The records below need to be repeated exactly, though not their pictures.

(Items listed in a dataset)
↓
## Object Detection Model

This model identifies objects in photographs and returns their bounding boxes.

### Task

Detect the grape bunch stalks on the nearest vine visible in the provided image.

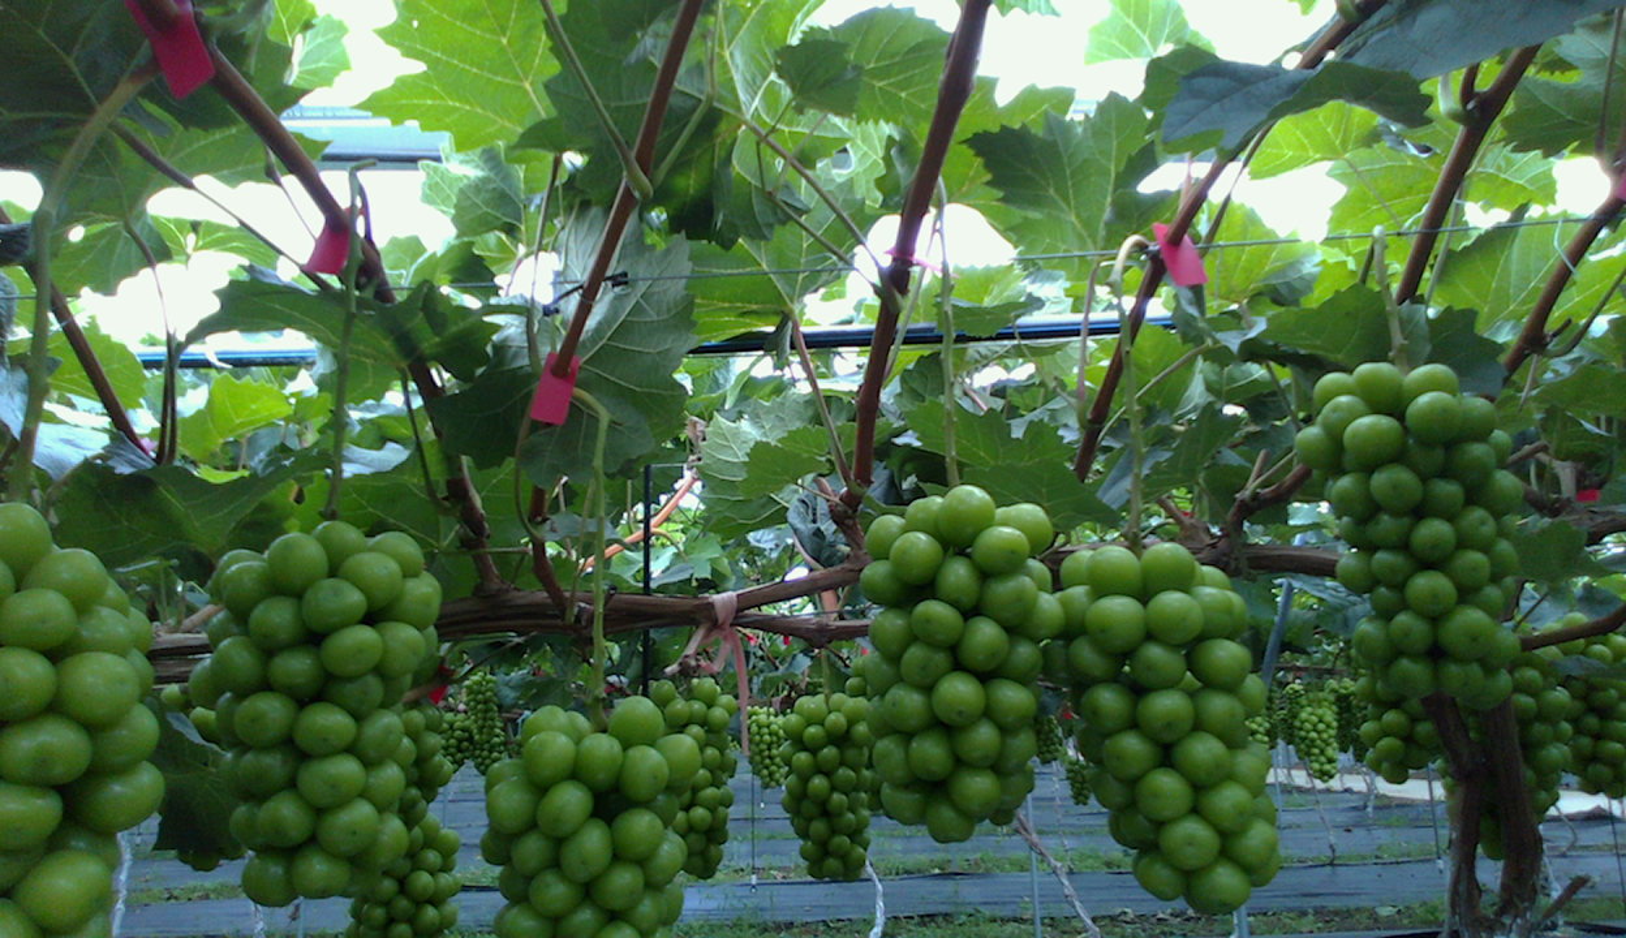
[935,180,960,487]
[1109,237,1145,552]
[1372,225,1412,369]
[323,168,360,517]
[8,59,162,503]
[575,391,621,730]
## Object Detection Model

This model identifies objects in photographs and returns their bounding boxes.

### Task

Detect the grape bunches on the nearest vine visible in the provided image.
[479,698,701,935]
[1040,542,1285,916]
[189,521,439,911]
[1289,361,1524,710]
[857,483,1064,847]
[1,503,164,937]
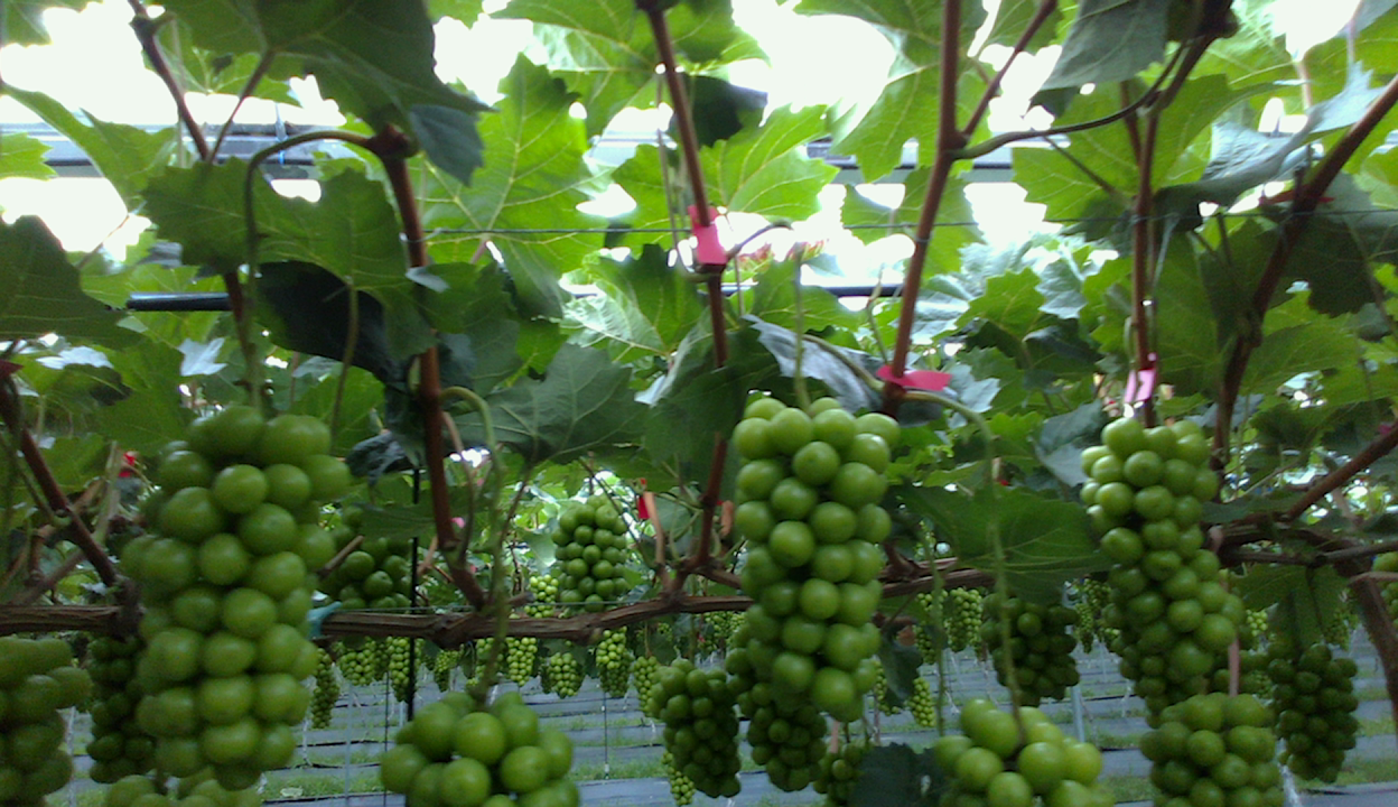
↑
- [Written response]
## Object Detection Model

This model identifies objects in photographs and returns their bounding boxes.

### Task

Detect the grape bunch stalks on the nearest vine visible in the provided image.

[935,180,960,487]
[1109,237,1145,552]
[1372,225,1412,369]
[323,168,360,517]
[8,59,162,503]
[575,391,621,730]
## Object Detection Model

This model identifies objects in photographs and returns their bounding boxes.

### Task

Detect the grape bunches on the nearest vine visible in the provided image.
[479,698,701,935]
[1040,542,1285,916]
[189,521,439,911]
[1289,361,1524,710]
[857,483,1064,847]
[1,503,164,937]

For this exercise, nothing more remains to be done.